Eram tempos otimistas. "Ainda havia muita esperança de que a China estivesse no caminho para um Estado menos autoritário", lembra Barkin.
Visita do dalai lama
No início de 2007, Merkel fez sua ação mais ousada de todas, convidando o dalai lama para uma reunião em Berlim. "Isso foi visto em Pequim como um verdadeiro tapa na cara", diz Barkin. "As relações diplomáticas com Berlim ficaram essencialmente congeladas por seis meses." Refletindo sobre a reunião mais tarde, Merkel disse que ela desencadeou um debate saudável. "O bom é que nós nunca permitiremos que valores e interesses entrem em competição inaceitável entre si, mas sempre tentamos encontrar o equilíbrio certo", ressaltou.
Mas Barkin avalia que aquela experiência teve um impacto. "Acho que foi uma espécie de alerta para Merkel. Ela mudou seu tom em público ao falar sobre direitos humanos." Segundo ele, o início da crise financeira global acabou alterando ainda mais o equilíbrio entre valores e interesses.
"A economia da China se tornou uma muleta vital", frisa Barkin, afirmando que as empresas alemãs a transformaram em algo mais parecido com uma catapulta. As exportações da Alemanha para a China aumentaram mais de 70% em dois anos, de 2009 a 2011. E, à medida que a crise financeira se transformava em crise do euro, a China se tornou um investidor valioso em títulos da zona do euro.
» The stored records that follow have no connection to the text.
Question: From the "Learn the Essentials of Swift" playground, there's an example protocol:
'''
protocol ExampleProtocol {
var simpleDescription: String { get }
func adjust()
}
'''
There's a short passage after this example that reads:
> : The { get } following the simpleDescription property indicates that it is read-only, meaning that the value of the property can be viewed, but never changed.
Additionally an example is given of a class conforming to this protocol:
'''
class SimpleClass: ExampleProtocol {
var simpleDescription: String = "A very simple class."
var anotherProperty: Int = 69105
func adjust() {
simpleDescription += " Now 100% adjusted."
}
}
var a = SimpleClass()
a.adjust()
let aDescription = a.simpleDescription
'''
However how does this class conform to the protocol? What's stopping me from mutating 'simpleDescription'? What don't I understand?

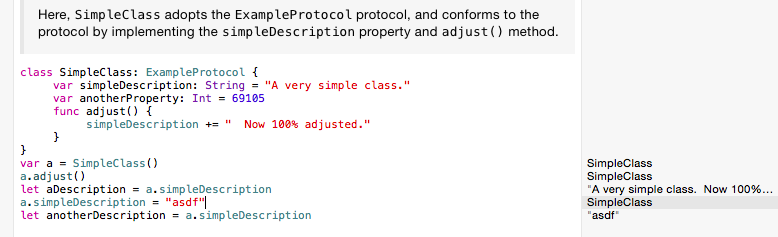
Answer: There's no way to specify in a protocol that you must have a read- property. Your protocol asks for a 'simpleDescription' property, and but does not a setter.
Note also that the only reason you may mutate 'simpleDescription' is because you know your 'a' is of type 'SimpleClass'. If we have a variable of type 'ExampleProtocol' instead...
'''
var a: ExampleProtocol = SimpleClass()
a.simpleDescription = "newValue" //Not allowed!
'''

"Acho que isso influenciou a visão de Merkel sobre a China", acredita Barkin. "Ela ainda fala sobre a ajuda da China neste momento de crise existencial para a Europa."
Parceria estratégica
À medida que os laços econômicos cresciam, também crescia o engajamento político. As primeiras consultas intergovernamentais em grande escala entre a Alemanha e a China ocorreram em 2011, com o primeiro-ministro chinês, Wen Jiabao, vindo a Berlim com uma comitiva de ministros.
Wen sugeriu um acordo com vantagens para ambos os lados. "A China espera de todo coração tomar uma direção, com a Alemanha, onde os grandes países se respeitem para que possamos criar uma situação win-win", disse ele.
Para Barkin, a mensagem era clara: "Quando a China fala em respeito nas relações bilaterais, o que realmente significa é que não quer que outros países interfiram, como diz, nos assuntos internos."
O equilíbrio de poder no relacionamento estava mudando rapidamente a favor da China quando, em 2012, um novo líder ascendeu em Pequim. Xi Jinping iria moldar uma nova era, fortalecendo o autoritarismo.
Dependência dupla
Se o confronto entre os EUA e a China continuar, a Alemanha pode entrar numa posição insustentável: dependente dos EUA para sua segurança, dependente da China para sua prosperidade.
"Acho que está ficando cada vez mais difícil ficar em cima do muro", diz Barkin. "Haverá uma série de escolhas muito difíceis para países como a Alemanha."
É uma escolha que pode recair sobre o sucessor de Merkel – os mais prováveis são Armin Laschet, presidente recém-eleito da CDU de Merkel, ou Markus Söder, atualmente governador da Baviera. Nenhum dos dois parece que buscará uma mudança significativa na política em relação à China. Mas eles podem ser forçados a mudar de curso, seja por seus prováveis futuros parceiros de coalizão, os verdes, ou por realidades geopolíticas.
O otimismo da primeira viagem de Merkel à China em 2006 já se foi. Mas, segundo Barkin, foi a aliança com Pequim entre 2009 e 2011 que colocou a Alemanha em seu curso atual. "Acho que Merkel se agarrou ao que muitas pessoas agora veem como uma abordagem antiquada em relação à China."